Они переспали только через два месяца, на окраине кибуца, утром, когда шел сильный, шумевший, как бурная река, дождь. С обоими это случилось впервые. Она впервые спала с мужчиной, которого ее тело и душа желали по-настоящему, а для него это было впервые в прямом смысле слова. Потом они делали это еще много-много раз: днем, когда Израиль был на фабрике, – у нее дома, под звуки песни The Beatles Come Together (она включала громкость на полную, чтоб заглушить свои стоны), и по ночам (Израиль, по словам Айелет, в это время «спал, как мешок с картошкой»), на берегу реки, под сенью папоротников, под журчанье воды, или в заброшенном убежище, сохранившемся с войны Судного дня (Айелет раздобыла ключ), или в прачечной, на старых, вибрирующих стиральных машинах, или в пустующих комнатах общежития для волонтеров, куда они забирались через рваные сетки на окнах.
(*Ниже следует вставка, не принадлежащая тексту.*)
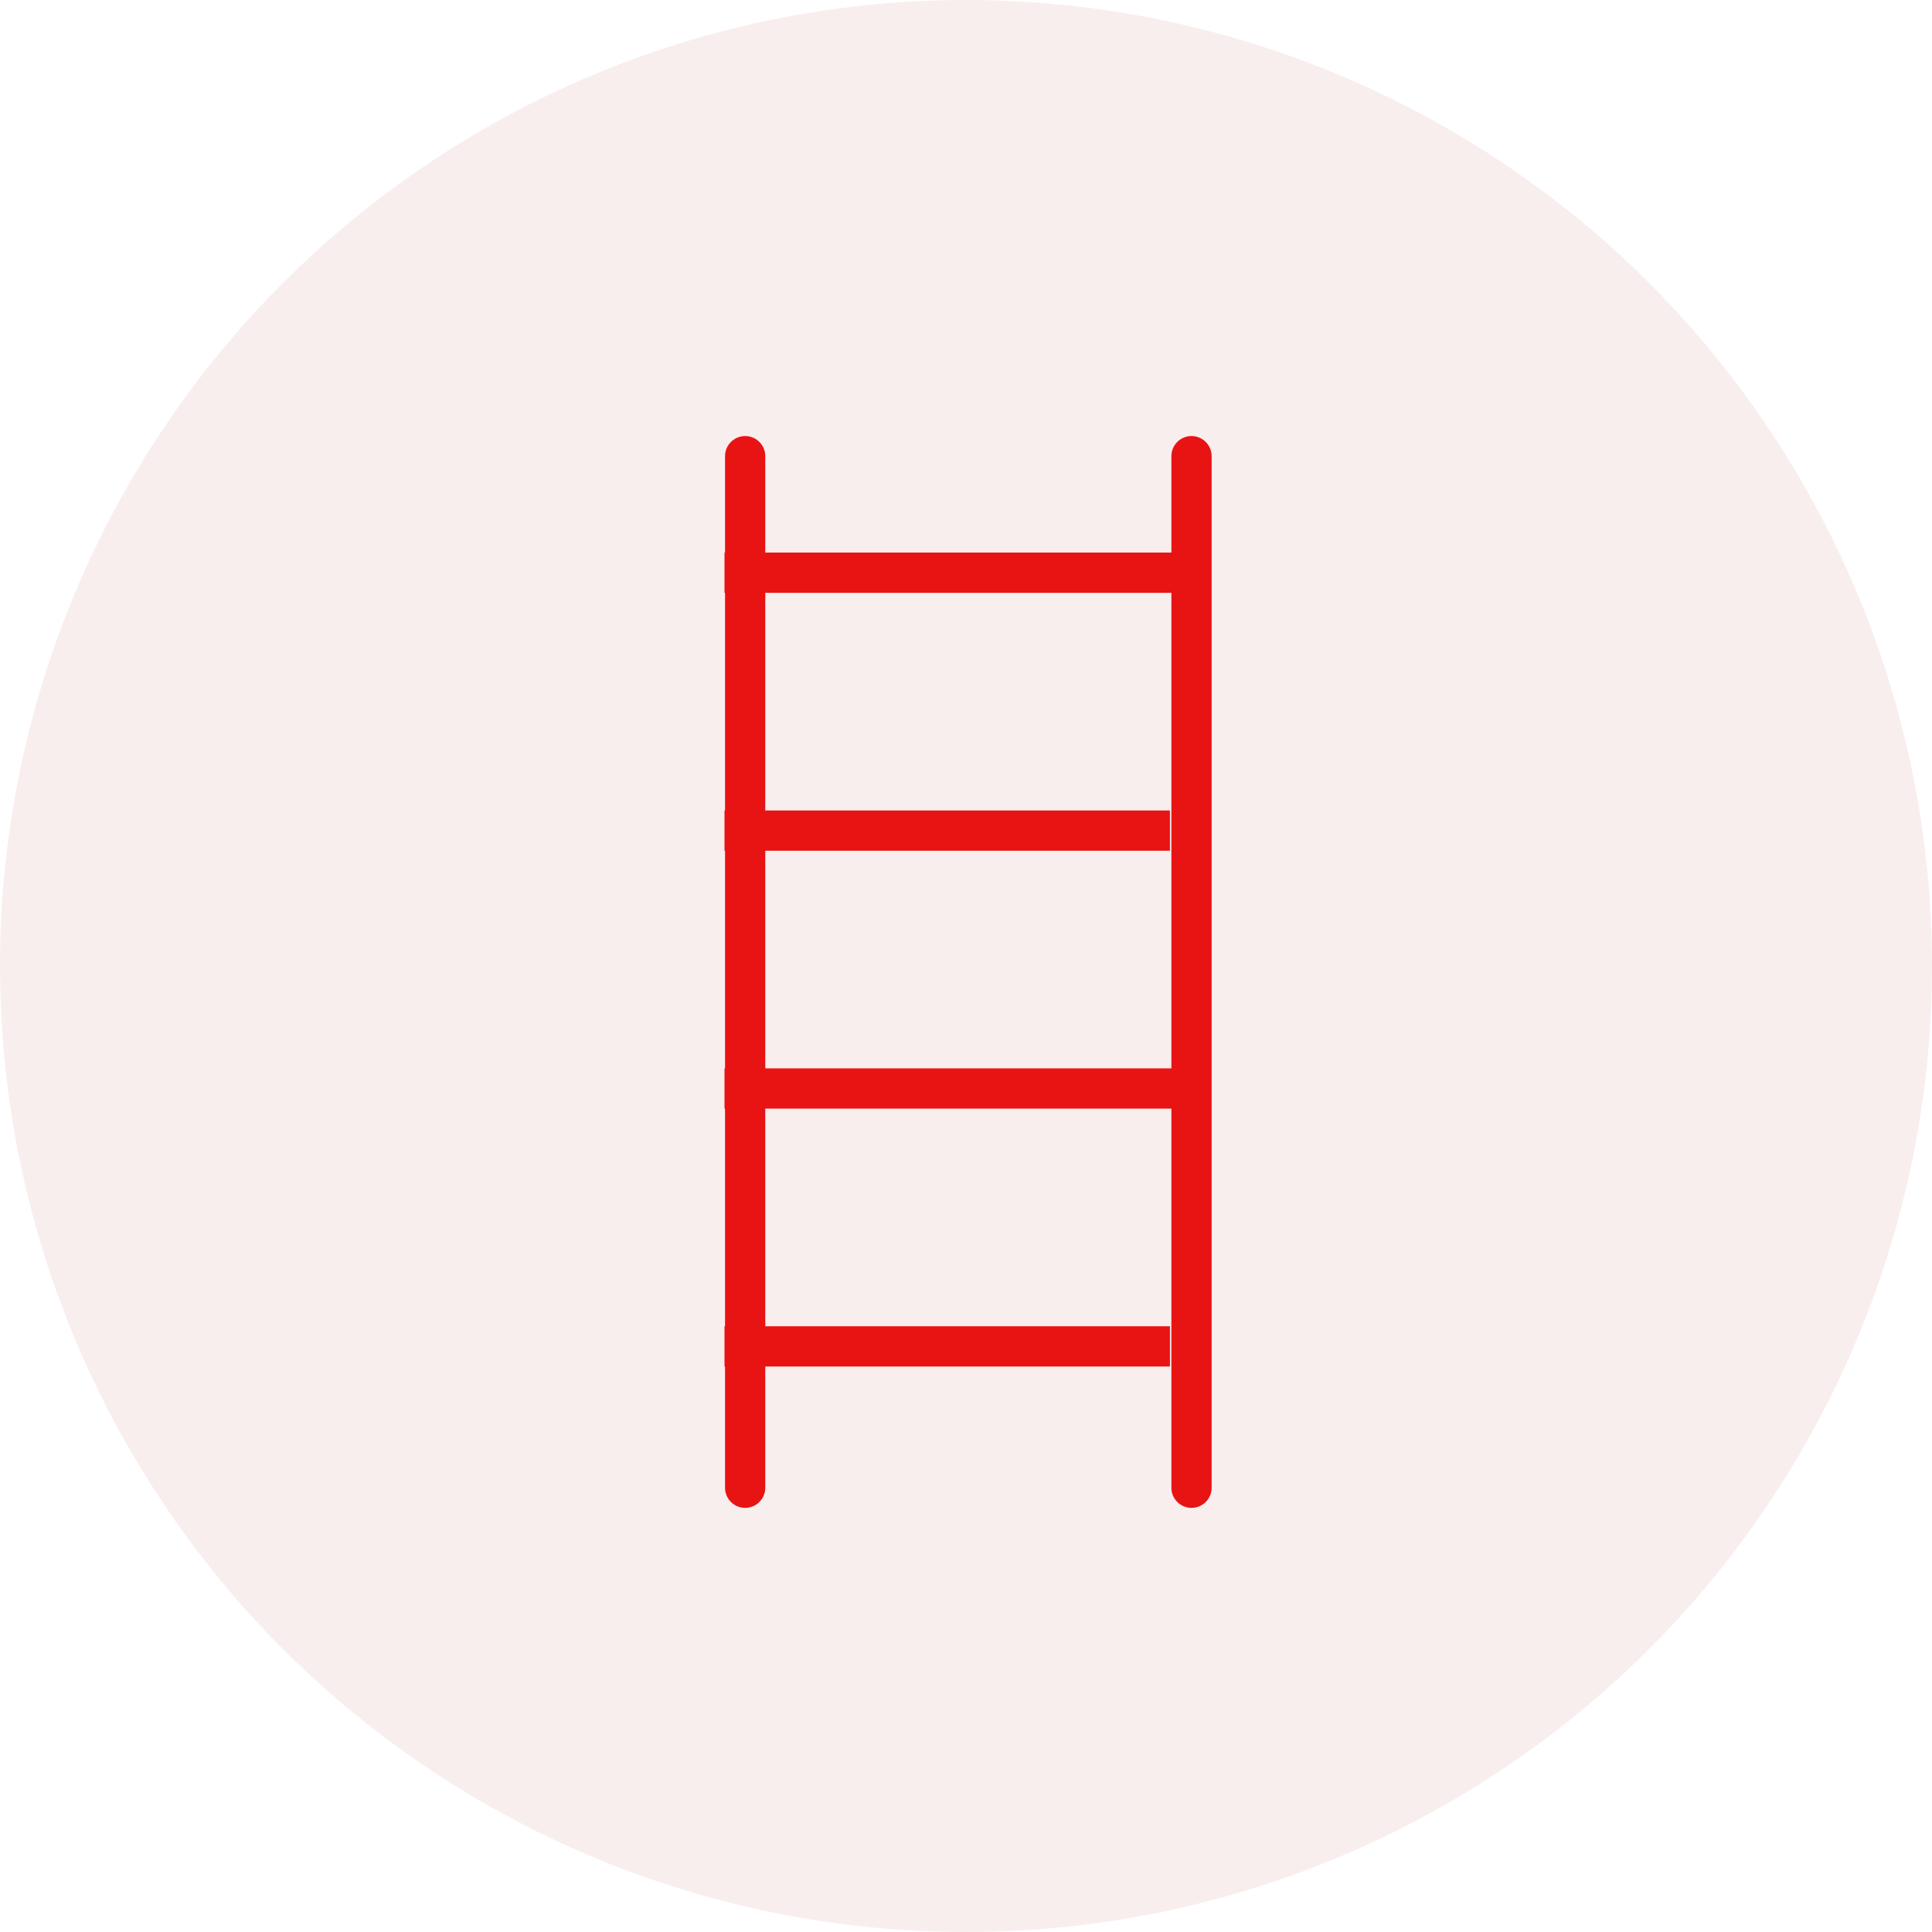<svg xmlns="http://www.w3.org/2000/svg" width="72" height="72" viewBox="0 0 72 72"><g id="fire" transform="translate(-2146 -3740)"><circle id="Elipse_12" data-name="Elipse 12" cx="36" cy="36" r="36" transform="translate(2146 3740)" fill="#c05151" opacity="0.1"></circle><g id="Grupo_3707" data-name="Grupo 3707" transform="translate(124.5 1.5)"><path id="Trazado_26423" data-name="Trazado 26423" d="M2049.333,3753.866v38.444" transform="translate(-0.063 1.634)" fill="none" stroke="#e81414" stroke-linecap="round" stroke-width="1.5"></path><path id="Trazado_26424" data-name="Trazado 26424" d="M2049.333,3753.866v38.444" transform="translate(16.571 1.634)" fill="none" stroke="#e81414" stroke-linecap="round" stroke-width="1.5"></path><path id="Trazado_26425" data-name="Trazado 26425" d="M2049.333,3763.2h16.881" transform="translate(-0.833 -3.357)" fill="none" stroke="#e81414" stroke-width="1.5"></path><path id="Trazado_26427" data-name="Trazado 26427" d="M2049.333,3763.2h16.881" transform="translate(-0.833 15.865)" fill="none" stroke="#e81414" stroke-width="1.5"></path><path id="Trazado_26426" data-name="Trazado 26426" d="M2049.333,3773.6h16.6" transform="translate(-0.833 -4.146)" fill="none" stroke="#e81414" stroke-width="1.5"></path><path id="Trazado_26428" data-name="Trazado 26428" d="M2049.333,3773.6h16.6" transform="translate(-0.833 15.076)" fill="none" stroke="#e81414" stroke-width="1.5"></path></g></g></svg>

Ее жажда новизны была неутолимой (исключением стал только сеновал, на котором она категорически отказалась этим заниматься – потому что это было банально до пошлости и потому что солома колола ей спину). Несмотря на все это, каким-то чудесным образом («Как будто нас оберегал ангел-хранитель», – сказали бы они, если б знали тогда такие слова) никто, кроме деда Менахема, за весь год ни разу их не застукал. Но дед Менахем в кибуце ни с кем не разговаривал, так что опасности, что про их связь кто-то узнает, не было. Это были их медовые дни.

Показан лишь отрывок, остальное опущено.